═════ DATA EXTRACT ═════

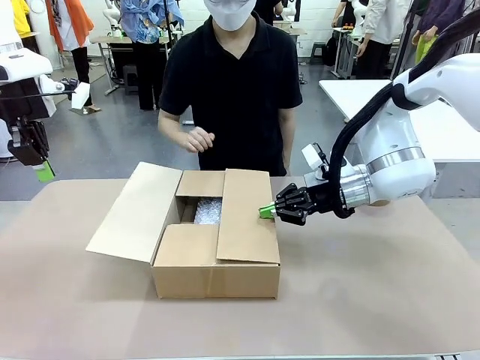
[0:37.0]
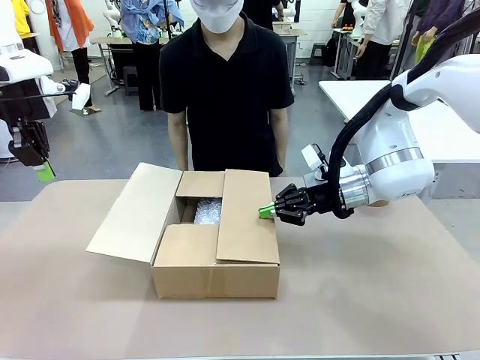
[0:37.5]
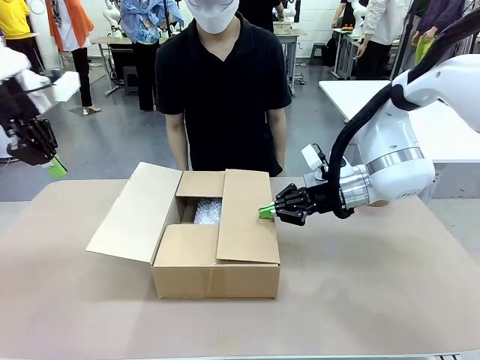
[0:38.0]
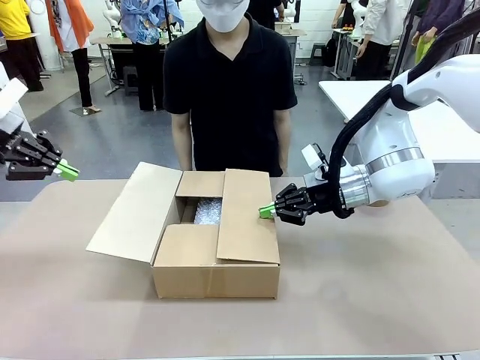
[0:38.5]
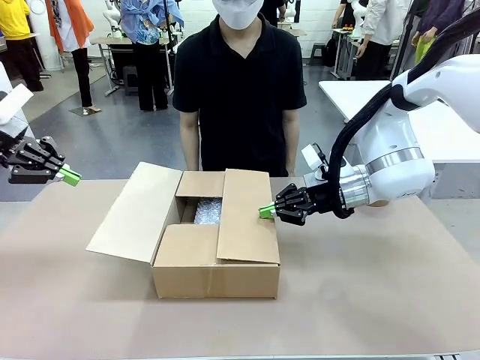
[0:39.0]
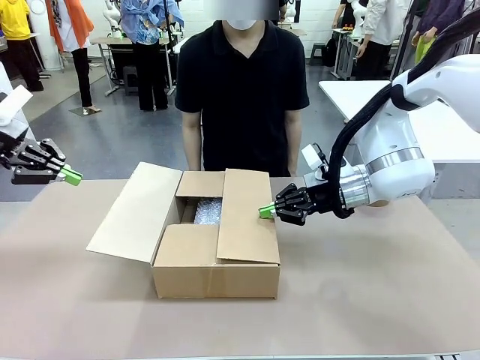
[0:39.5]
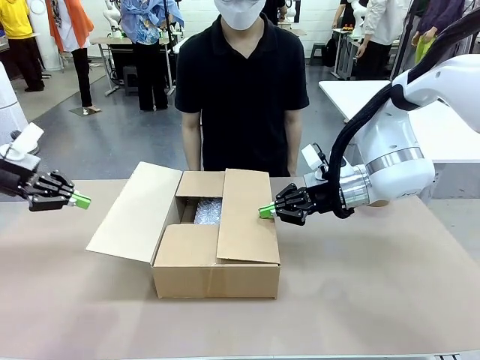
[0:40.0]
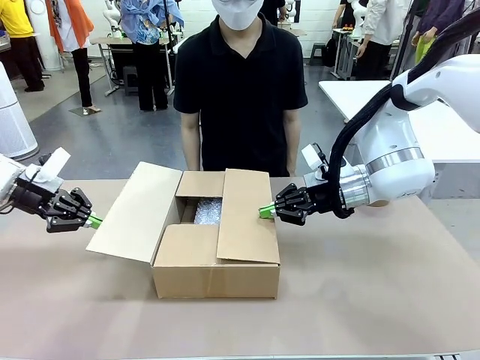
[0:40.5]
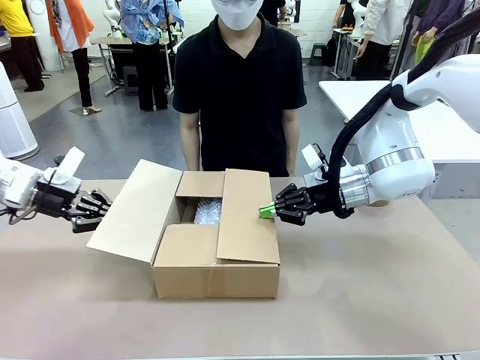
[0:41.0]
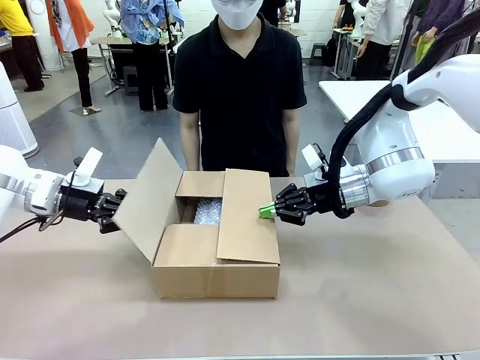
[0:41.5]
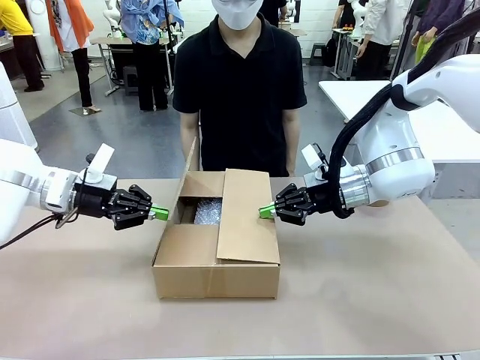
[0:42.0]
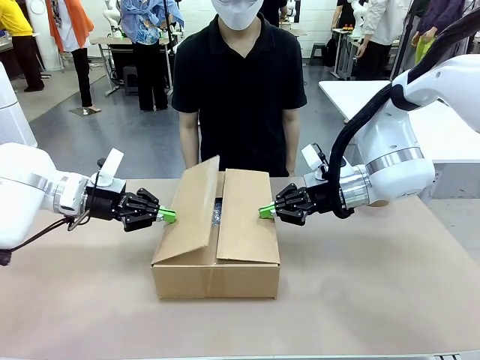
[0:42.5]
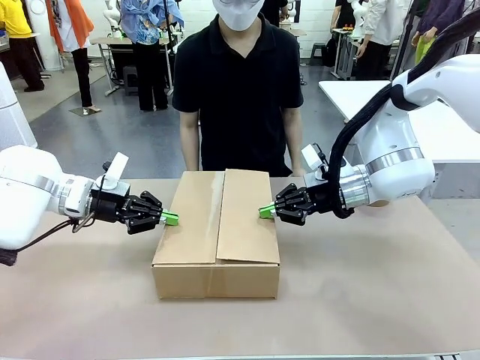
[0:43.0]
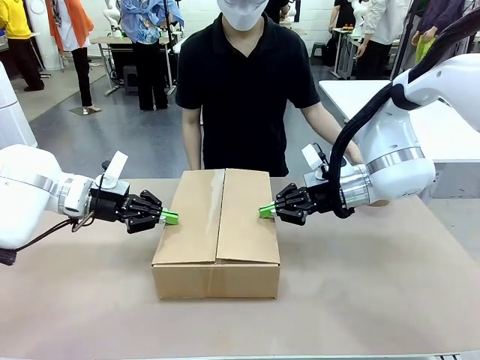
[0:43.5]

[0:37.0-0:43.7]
Task: Wrap the clocks to prevent damage.
Robot: Push the left (or right) flap of the Package Box to close it.

═════

INSTRUCTIONS TO FOLLOW: Without any of the pictures, repeat the entries above word for word.

RESULT OF THIS EXERCISE:
[0:37.0]
[0:37.5]
[0:38.0]
[0:38.5]
[0:39.0]
[0:39.5]
[0:40.0]
[0:40.5]
[0:41.0]
[0:41.5]
[0:42.0]
[0:42.5]
[0:43.0]
[0:43.5]

[0:37.0-0:43.7]
Task: Wrap the clocks to prevent damage.
Robot: Push the left (or right) flap of the Package Box to close it.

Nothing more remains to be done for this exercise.